Wesley White, Callaway’s principal, said he’s seen students take home as much as $400 for their scores.

In its first year of participation in the Arkansas Advanced Initiative for Math and Science last year, Russellville saw 150 additional students take AP tests, bringing the total to 675.

“You have to admit that incentive does something,” Callaway said. “One hundred bucks might not seem like much, but 100 bucks is 100 bucks.”

“The idea is that, in time, they’ll realize the importance of the tests themselves, ” White said.

Teachers earned $100 for each three, four or five a student earns, plus tiered bonuses that increase with higher percentages of successful students.
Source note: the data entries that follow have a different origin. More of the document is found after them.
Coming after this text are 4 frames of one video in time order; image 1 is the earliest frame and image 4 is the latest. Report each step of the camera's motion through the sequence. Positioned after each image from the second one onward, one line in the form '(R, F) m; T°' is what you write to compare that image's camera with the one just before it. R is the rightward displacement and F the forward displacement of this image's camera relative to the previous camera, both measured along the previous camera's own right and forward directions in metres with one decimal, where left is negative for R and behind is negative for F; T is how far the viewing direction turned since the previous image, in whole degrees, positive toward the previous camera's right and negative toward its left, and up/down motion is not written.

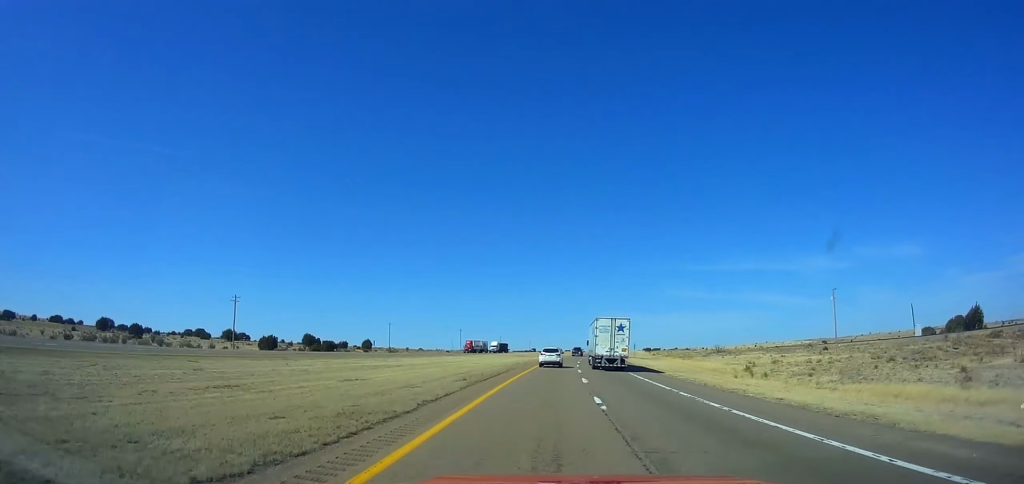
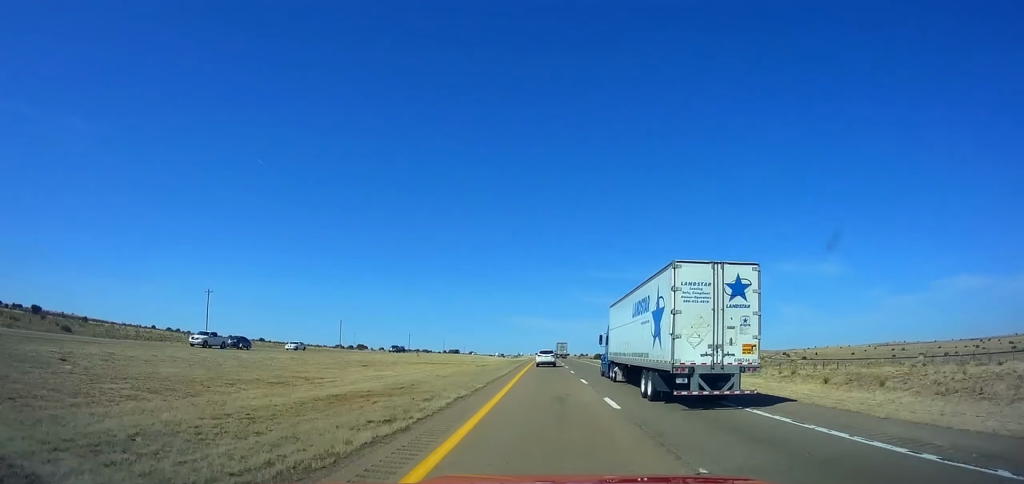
(+11.6, +157.4) m; +7°
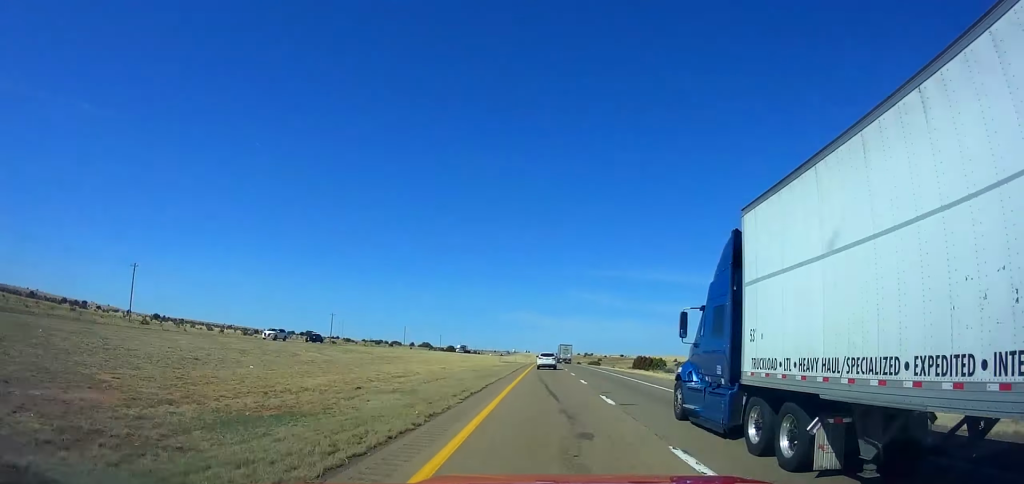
(+2.5, +106.8) m; +2°
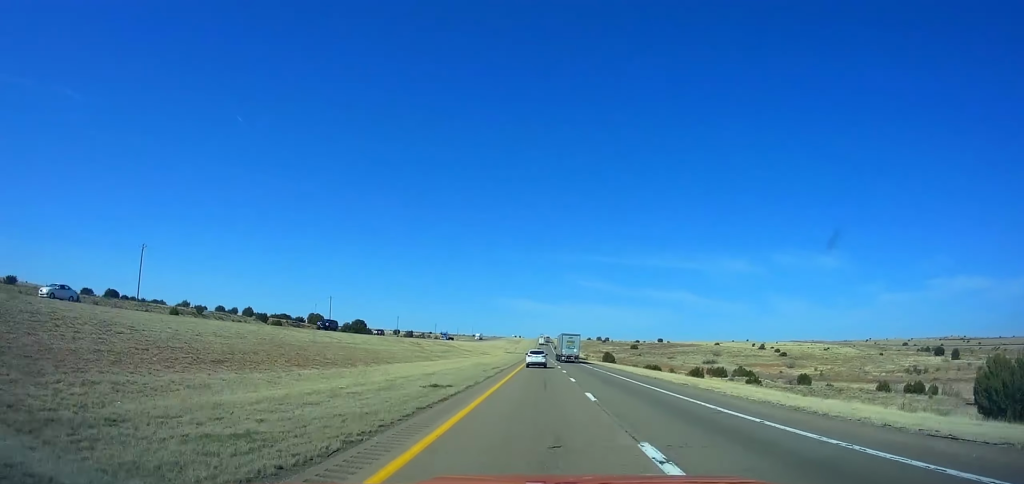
(+0.5, +194.0) m; 0°

The program has taken part of the credit for raising the state’s overall participation in AP classes.

Unlike most states, Arkansas pays the test fee for first time test takers. The state also requires all high schools to teach at least one AP class each in English, math, science and social studies, which no other state does.

A February report from the College Board, which administers AP tests, said 34 percent of Arkansas’ 2009 graduating class took an AP class during high school. That compared with only 26.5 percent nationally, ranking the state fifth overall.

The state’s AP participation rate has grown 21.1 percentage points from just 12.9 percent of high school graduates in 2004.

The 31 high schools participating in the Arkansas Advanced Initiative for Math and Science for the 2010-11 school year are: Booneville, El Dorado, Greenbrier, Greene County Tech, Lake Hamilton, Wilbur Mills University Studies, Little Rock Parkview, Springdale,Springdale Har-Ber, Ashdown, Crossett, Dumas, Fort Smith Northside, Hamburg, Green Forest, Magnolia, Pea Ridge, Rivercrest, Rogers Heritage, Rogers, Russellville, Waldron, Jonesboro, West Memphis, Conway-East, Conway-West, Arkadelphia, Sheridan, Smackover, Rison and the KIPP Delta College Preparatory Charter High School in Helena-West Helena.